(Extracted records begins)

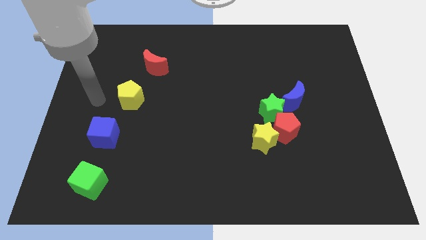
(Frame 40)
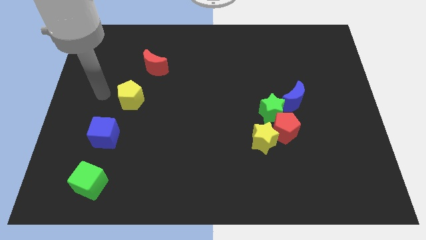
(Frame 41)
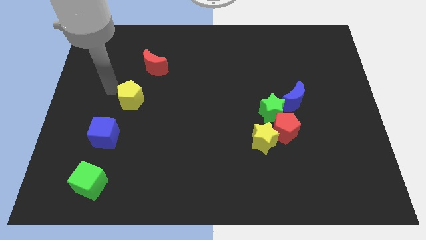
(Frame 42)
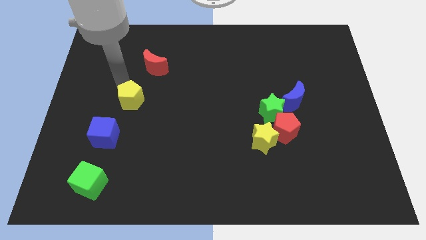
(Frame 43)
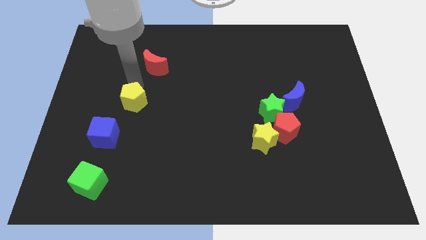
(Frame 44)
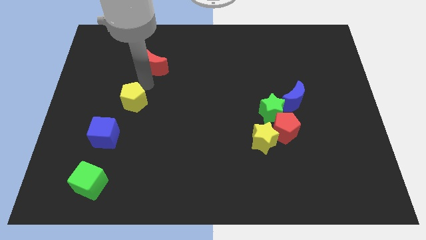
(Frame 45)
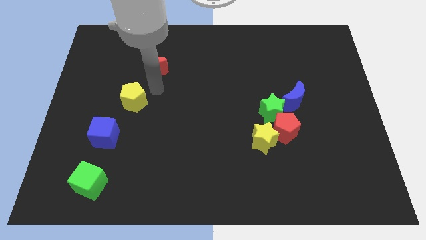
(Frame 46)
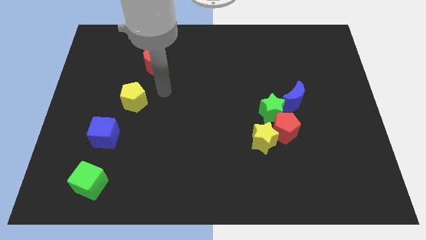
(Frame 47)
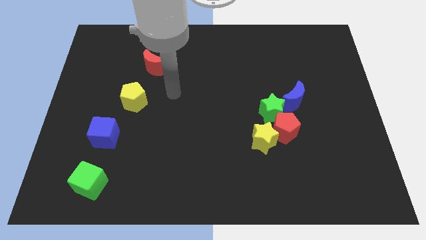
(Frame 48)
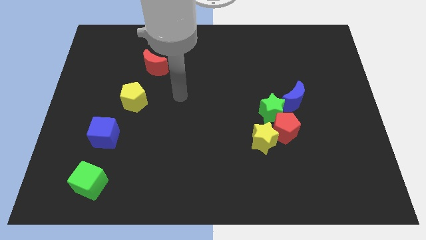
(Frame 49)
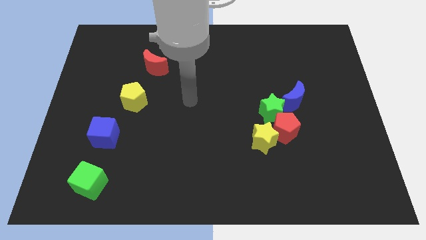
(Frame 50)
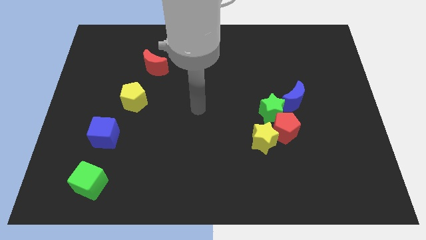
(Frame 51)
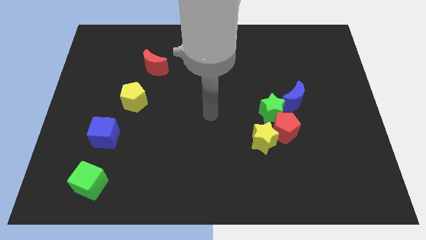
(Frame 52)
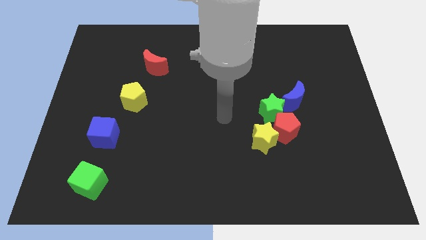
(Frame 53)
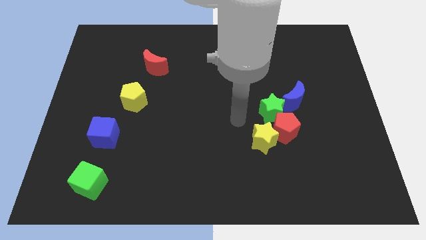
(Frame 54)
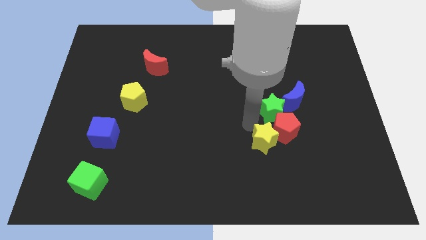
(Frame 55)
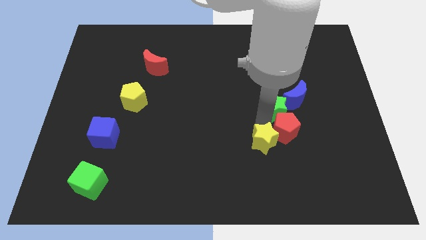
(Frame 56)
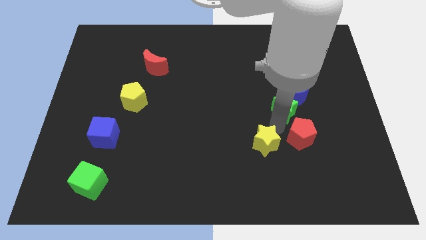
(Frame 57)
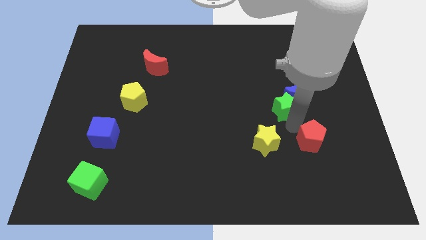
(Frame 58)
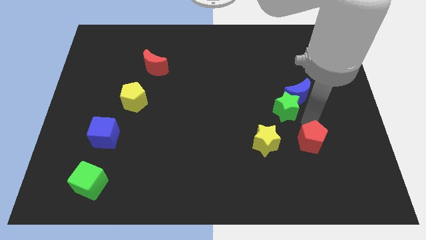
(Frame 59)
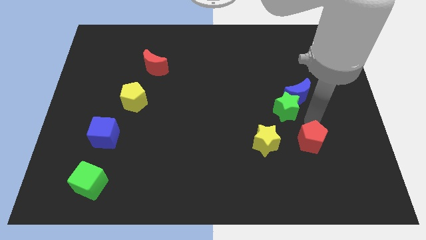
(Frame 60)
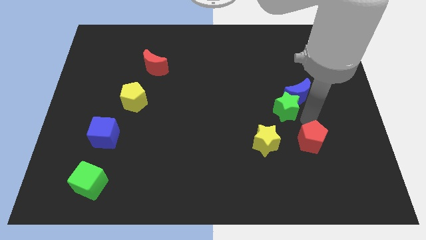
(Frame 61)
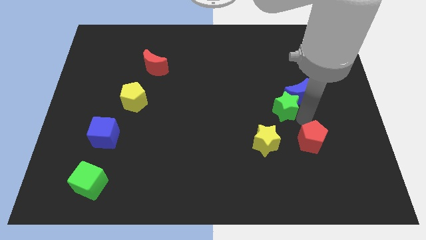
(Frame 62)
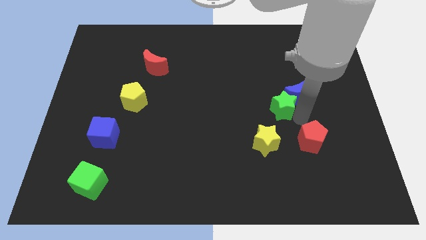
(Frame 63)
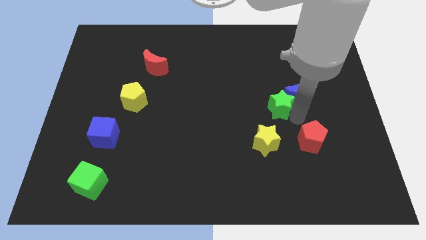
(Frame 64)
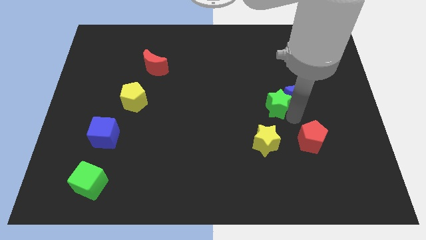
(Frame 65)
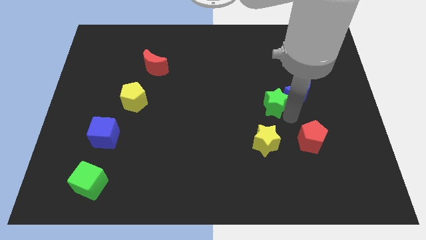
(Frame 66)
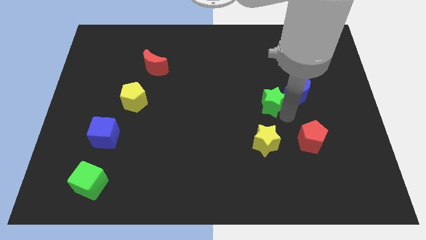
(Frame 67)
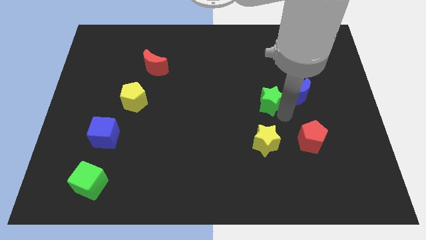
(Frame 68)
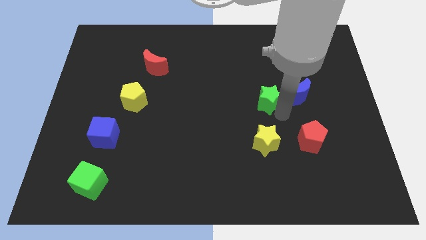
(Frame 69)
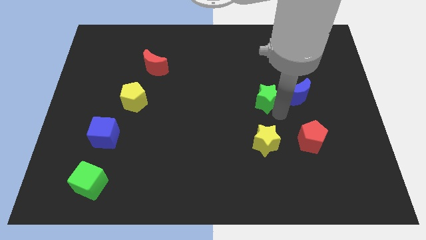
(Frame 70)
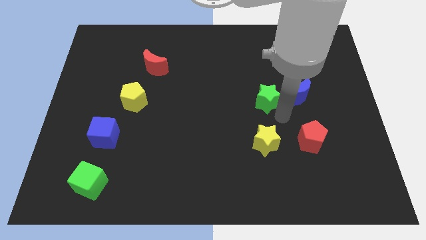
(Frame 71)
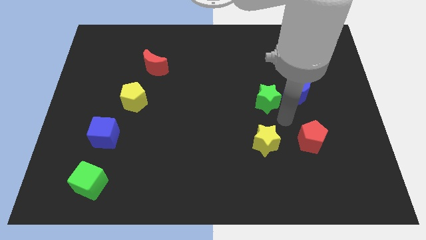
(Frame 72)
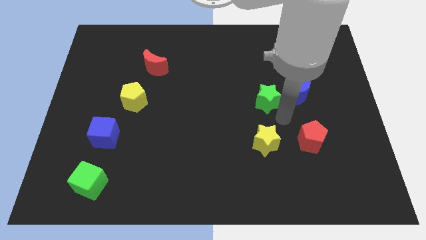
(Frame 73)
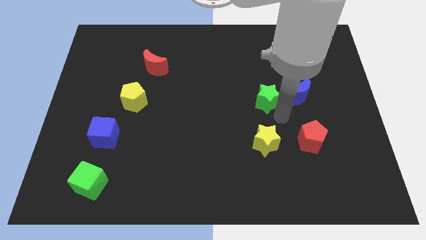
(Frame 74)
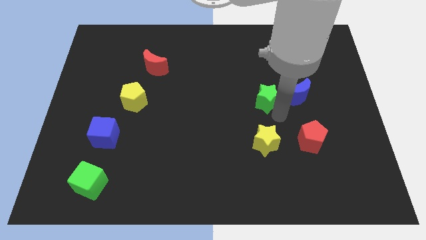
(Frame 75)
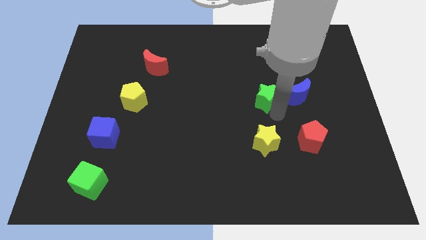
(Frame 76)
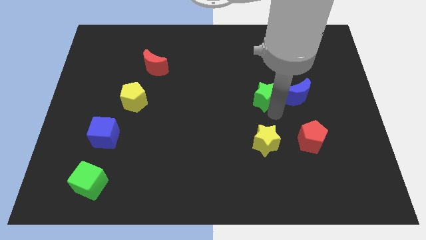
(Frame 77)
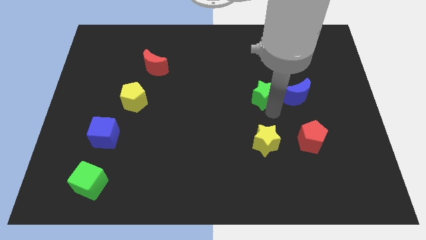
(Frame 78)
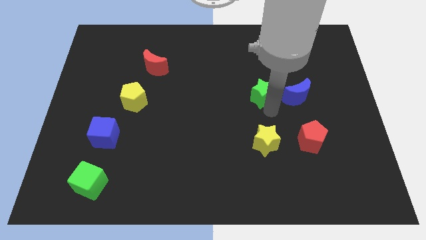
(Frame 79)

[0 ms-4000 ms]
pull the green star apart from the group

(Extracted records ends)

» **Activity**
With the pictures dropped, give every entry above again exactly.

» **Solution**
(Frame 40)
(Frame 41)
(Frame 42)
(Frame 43)
(Frame 44)
(Frame 45)
(Frame 46)
(Frame 47)
(Frame 48)
(Frame 49)
(Frame 50)
(Frame 51)
(Frame 52)
(Frame 53)
(Frame 54)
(Frame 55)
(Frame 56)
(Frame 57)
(Frame 58)
(Frame 59)
(Frame 60)
(Frame 61)
(Frame 62)
(Frame 63)
(Frame 64)
(Frame 65)
(Frame 66)
(Frame 67)
(Frame 68)
(Frame 69)
(Frame 70)
(Frame 71)
(Frame 72)
(Frame 73)
(Frame 74)
(Frame 75)
(Frame 76)
(Frame 77)
(Frame 78)
(Frame 79)

[0 ms-4000 ms]
pull the green star apart from the group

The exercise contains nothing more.